_Items listed in a dataset_:
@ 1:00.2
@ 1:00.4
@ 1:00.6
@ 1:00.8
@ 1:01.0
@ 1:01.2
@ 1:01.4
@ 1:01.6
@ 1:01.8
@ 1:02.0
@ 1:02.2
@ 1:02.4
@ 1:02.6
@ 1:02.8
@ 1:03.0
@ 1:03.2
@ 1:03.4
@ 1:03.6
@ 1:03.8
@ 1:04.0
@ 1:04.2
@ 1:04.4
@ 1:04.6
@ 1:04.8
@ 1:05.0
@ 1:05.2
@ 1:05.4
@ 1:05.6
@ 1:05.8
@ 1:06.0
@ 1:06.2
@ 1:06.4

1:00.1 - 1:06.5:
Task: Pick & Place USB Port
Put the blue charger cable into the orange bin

_Problem_:
Reproduce the data. Match each line exactly.

_Exercise answer_:
@ 1:00.2
@ 1:00.4
@ 1:00.6
@ 1:00.8
@ 1:01.0
@ 1:01.2
@ 1:01.4
@ 1:01.6
@ 1:01.8
@ 1:02.0
@ 1:02.2
@ 1:02.4
@ 1:02.6
@ 1:02.8
@ 1:03.0
@ 1:03.2
@ 1:03.4
@ 1:03.6
@ 1:03.8
@ 1:04.0
@ 1:04.2
@ 1:04.4
@ 1:04.6
@ 1:04.8
@ 1:05.0
@ 1:05.2
@ 1:05.4
@ 1:05.6
@ 1:05.8
@ 1:06.0
@ 1:06.2
@ 1:06.4

1:00.1 - 1:06.5:
Task: Pick & Place USB Port
Put the blue charger cable into the orange bin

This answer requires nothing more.